[ OUR OPINION ]
Patriot Act needs
congressional scrutiny
|
THE ISSUE
A federal judge has struck down a section of the USA Patriot Act as an infringement of the First Amendment.
|
|
|
WHEN President Bush introduced the subject of the USA Patriot Act in last week's State of the Union address by warning that it is due to expire next year, he did a double-take as numerous members of Congress on the Democratic side of the aisle rose in applause. Bush plans to cite his stance against terrorism in this year's election, but his proposal to expand the Patriot Act conflicts with a growing concern that the post-9/11 law infringes on people's constitutional rights. If anything, the law should be trimmed to address those concerns.

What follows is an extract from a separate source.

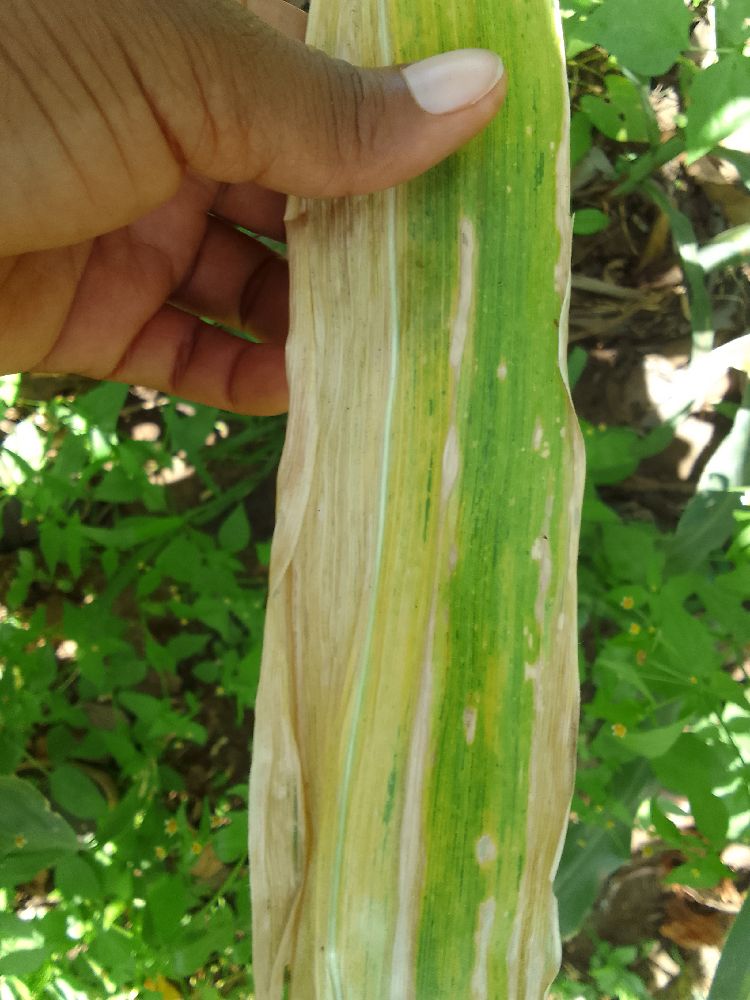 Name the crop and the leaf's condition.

maize, maize lethal necrosis
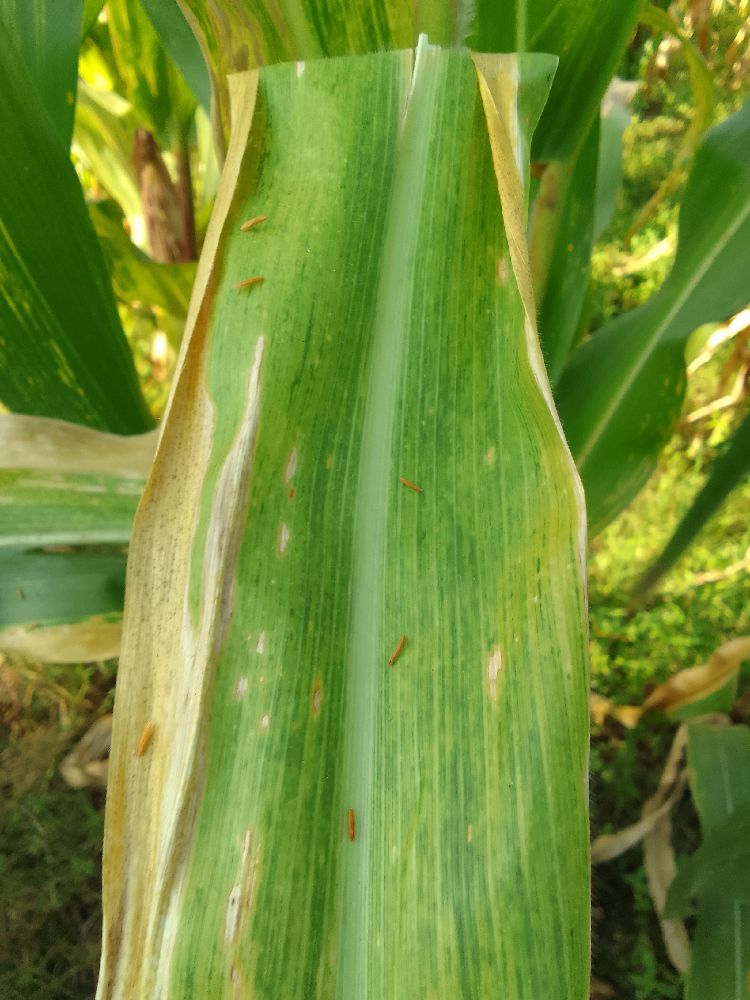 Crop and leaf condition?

maize, maize lethal necrosis

The 300-page law was enacted weeks after the 2001 terrorist attacks on America. As the war on terror looks to attain the longevity of the Cold War, the sacrifices of civil liberties that Americans are asked to make acquire permanence. Government bodies in more than 230 communities, including the Hawaii Legislature and Honolulu's City Council, have raised formal objections to the Patriot Act.
A federal judge in Los Angeles this week struck down part of the Patriot Act that criminalizes giving "expert advice or assistance" to terrorism organizations. Several humanitarian groups sued the government, arguing that the Patriot Act had forced it to curtail writing political material and help organize peace conferences as part of their work with Kurdish refugees in Turkey and Tamil residents of Sri Lanka.

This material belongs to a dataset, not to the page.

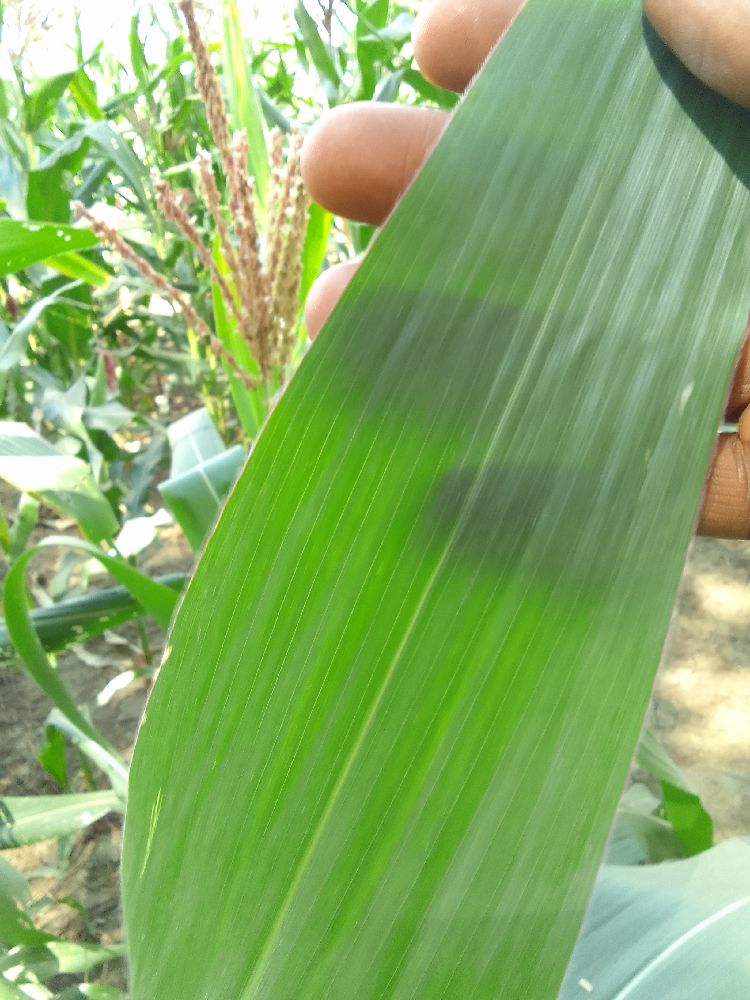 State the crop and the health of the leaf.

maize, healthy

U.S. District Judge Audrey B. Collins agreed that the anti-terrorism law "places no limitation on the type of expert advice and assistance which is prohibited, and instead bans the provision of all expert advice and assistance regardless of its nature." Thus, she wrote, it could be read as intruding on "unequivocally pure speech and advocacy protected by the First Amendment."
The most controversial part of the Patriot Act is a provision that allows federal authorities to search bookstore and library records to discover a person's reading habits. Attorney General John Ashcroft says that provision has never been used. If that is the case, he should have no objection to its repeal.
The number of convictions for terrorism or where authorities acted to prevent or disrupt terrorist threats rose from 110 in the two years prior to the 2001 terrorist attack to 879 in the two years following. However, according to Syracuse University's Transactional Record Access Clearinghouse, only 373 received any jail time and just one -- shoe bomber Richard Reid -- got a life term. Five were sentenced to a minimum of 20 years.
These "terrorism" convictions included five Ku Klux Klan members who burned a cross in the front yard of three black men, a Georgia man who detonated a bomb in his girlfriend's empty car and a Texas convict who tried to arrange the assassination of a federal judge.
These crimes, however repulsive, do not exemplify what most Americans regard as terrorism in today's context. They demonstrate how the government is using the Patriot Act to prosecute cases that have little if anything to do with the ongoing "war."